# Assignment:
These records are to be written out exactly as they read, minus the pictures.
# # #
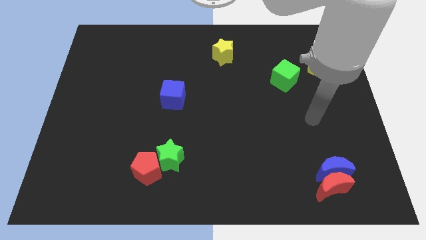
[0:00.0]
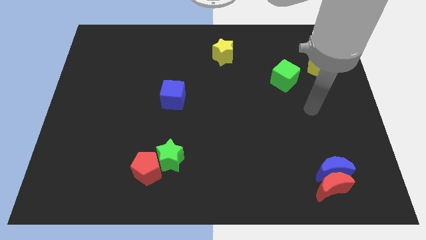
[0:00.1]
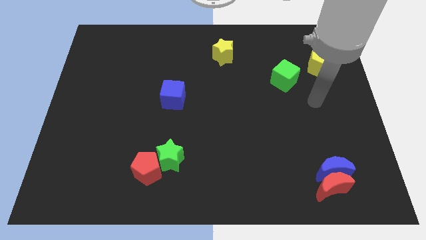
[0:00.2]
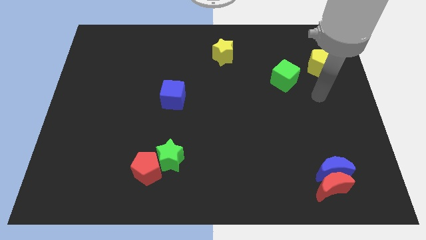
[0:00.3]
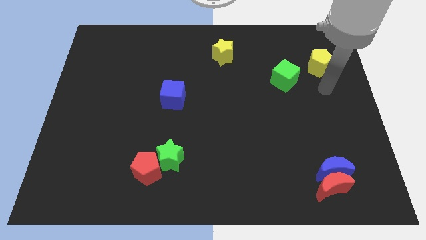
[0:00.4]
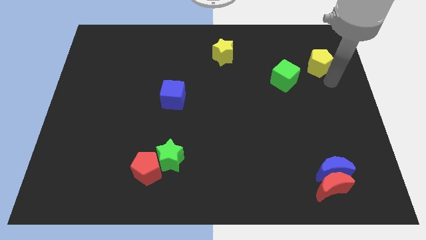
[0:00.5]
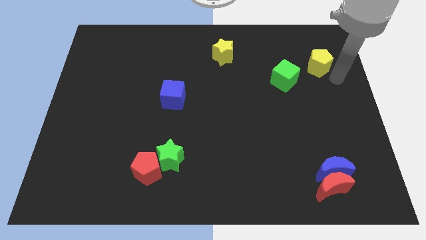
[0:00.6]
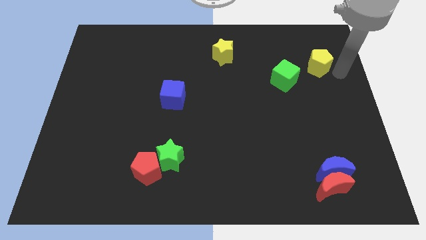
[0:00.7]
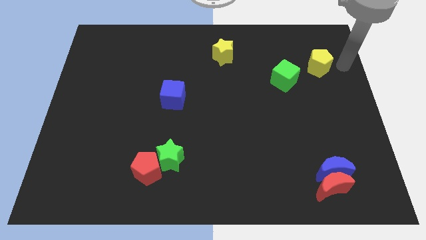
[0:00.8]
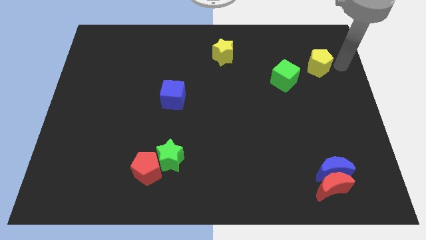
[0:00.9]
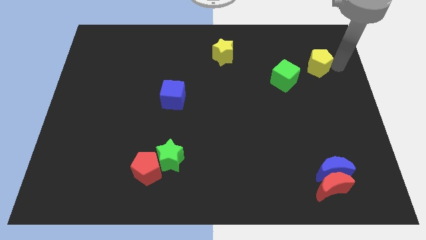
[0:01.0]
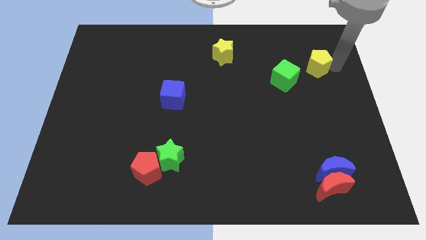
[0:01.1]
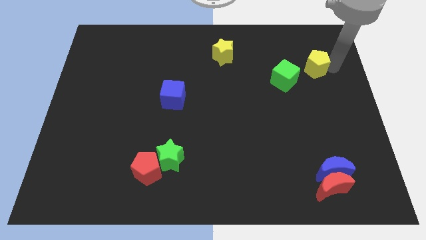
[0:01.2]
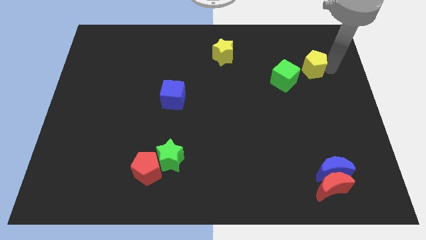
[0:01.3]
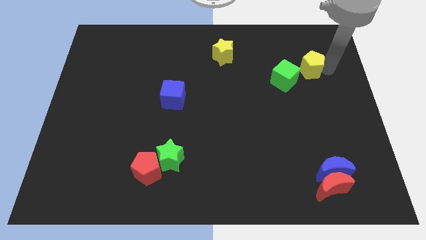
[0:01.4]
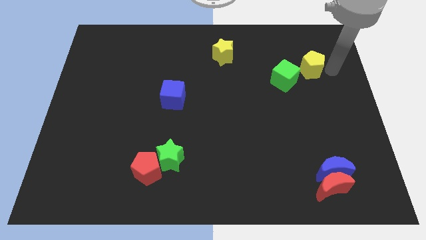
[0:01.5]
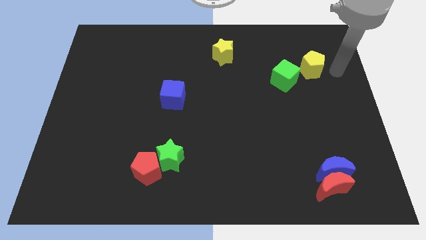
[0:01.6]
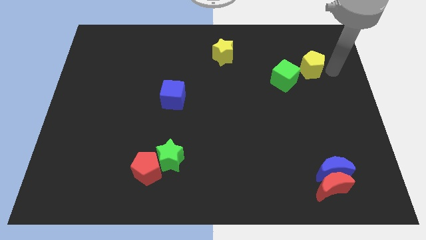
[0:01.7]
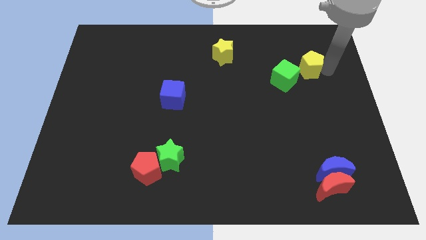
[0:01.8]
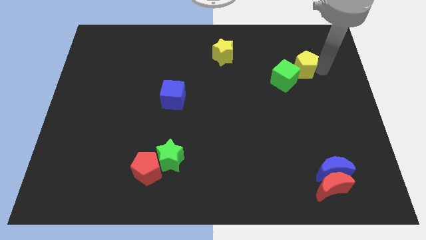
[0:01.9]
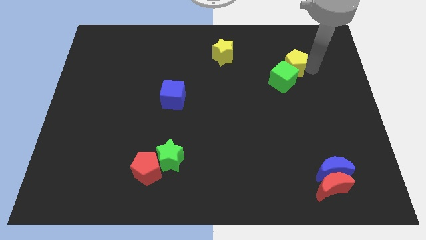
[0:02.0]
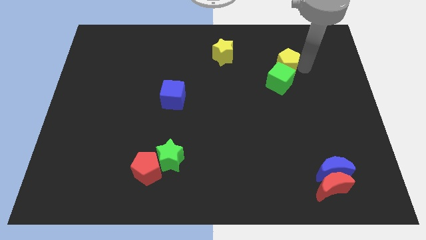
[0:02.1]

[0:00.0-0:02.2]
move the yellow pentagon left somewhat
# # #
# Answer box:
[0:00.0]
[0:00.1]
[0:00.2]
[0:00.3]
[0:00.4]
[0:00.5]
[0:00.6]
[0:00.7]
[0:00.8]
[0:00.9]
[0:01.0]
[0:01.1]
[0:01.2]
[0:01.3]
[0:01.4]
[0:01.5]
[0:01.6]
[0:01.7]
[0:01.8]
[0:01.9]
[0:02.0]
[0:02.1]

[0:00.0-0:02.2]
move the yellow pentagon left somewhat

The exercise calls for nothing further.